Discussion in 'Perl Misc' started by danrumney@warpmail.net, Mar 2, 2007.

  1. Guest

    Hi all,

    I have a script (see below) that is driving me nuts.
    It runs as a daemon on a RHEL box and does just about everything
    correctly. It's job is to scan a hash of jobs every 15s to see if
    there are any new ones that need to be performed.

    Each time a new job is found, this script forks off a child to perform
    the necessary task.
    Prior to forking off the child, it runs a utility called 'cleanXML'
    which is designed to remove invalid characters from an XML file.

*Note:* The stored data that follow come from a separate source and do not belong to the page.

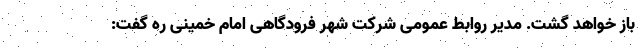
باز خواهد گشت. مدیر روابط عمومی شرکت شهر فرودگاهی امام خمینی ره گفت: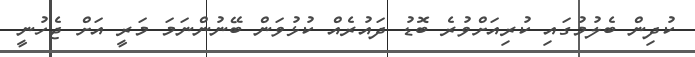
ކުދިން ބެލުމުގައި ކުރިއަށްވުރެ ބޮޑު ދައުރެއް ކުޅުވަން ބޭނުންނަމަ މަރީ އަށް ޖެހުނީ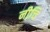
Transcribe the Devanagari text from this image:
नीचि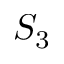
S _ { 3 }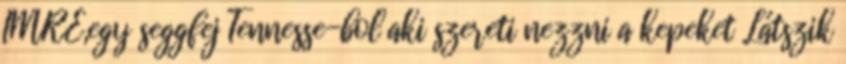
IMRE,egy seggfej Tennesse-bol aki szereti nezzni a kepeket Látszik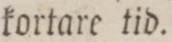
kortare tid.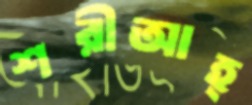
শরীআহ্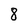
Character: 8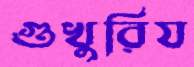
গুখুরিয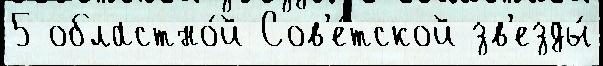
5 областно́й Сов'е́тской зв'езды́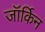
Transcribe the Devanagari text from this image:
जॉर्किन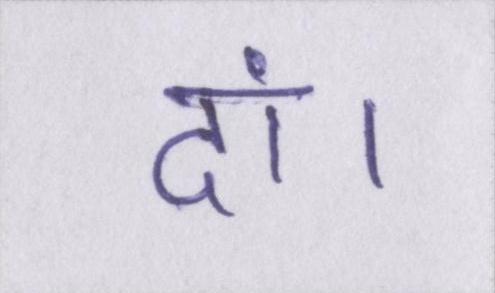
दां।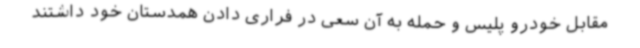
مقابل خودرو پلیس و حمله به آن سعی در فراری دادن همدستان خود داشتند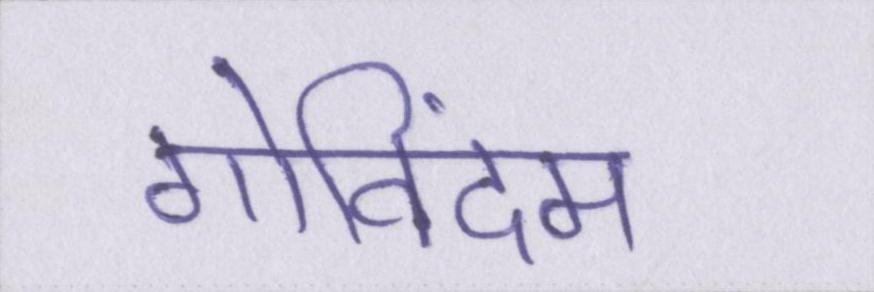
गोविंदम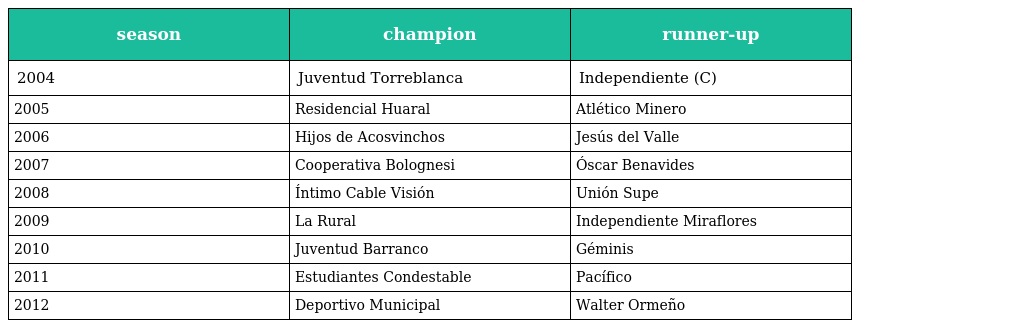
| season | champion | runner-up |
 | --- | --- | --- |
 | 2004 | Juventud Torreblanca | Independiente (C) |
 | 2005 | Residencial Huaral | Atlético Minero |
 | 2006 | Hijos de Acosvinchos | Jesús del Valle |
 | 2007 | Cooperativa Bolognesi | Óscar Benavides |
 | 2008 | Íntimo Cable Visión | Unión Supe |
 | 2009 | La Rural | Independiente Miraflores |
 | 2010 | Juventud Barranco | Géminis |
 | 2011 | Estudiantes Condestable | Pacífico |
 | 2012 | Deportivo Municipal | Walter Ormeño |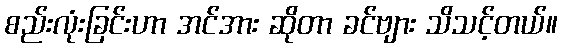
စည်းလုံးခြင်းဟာ အင်အား ဆိုတာ ခင်ဗျား သိသင့်တယ်။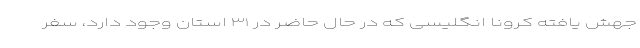
جهش یافته کرونا انگلیسی که در حال حاضر در ۳۱ استان وجود دارد، سفر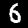
Label: 6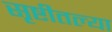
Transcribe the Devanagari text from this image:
सृष्टीतल्या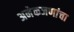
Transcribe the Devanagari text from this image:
अनेकजणांचा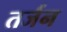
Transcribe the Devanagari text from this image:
तर्जन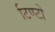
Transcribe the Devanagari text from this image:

    I use system to call the utility. For some reason, the return code is
    'No child processes'. But, the thing is, it has absolutley no problem
    forking just a few lines later...

    So my question is... what's going on!?! If I think about it, the
    return value of -1 means that after the hidden fork() that system()
    performs, the parent process couldn't find any child processes, which
    means either that the fork() didn't work or that the child died before
    the parent process could proceed... is that feasible?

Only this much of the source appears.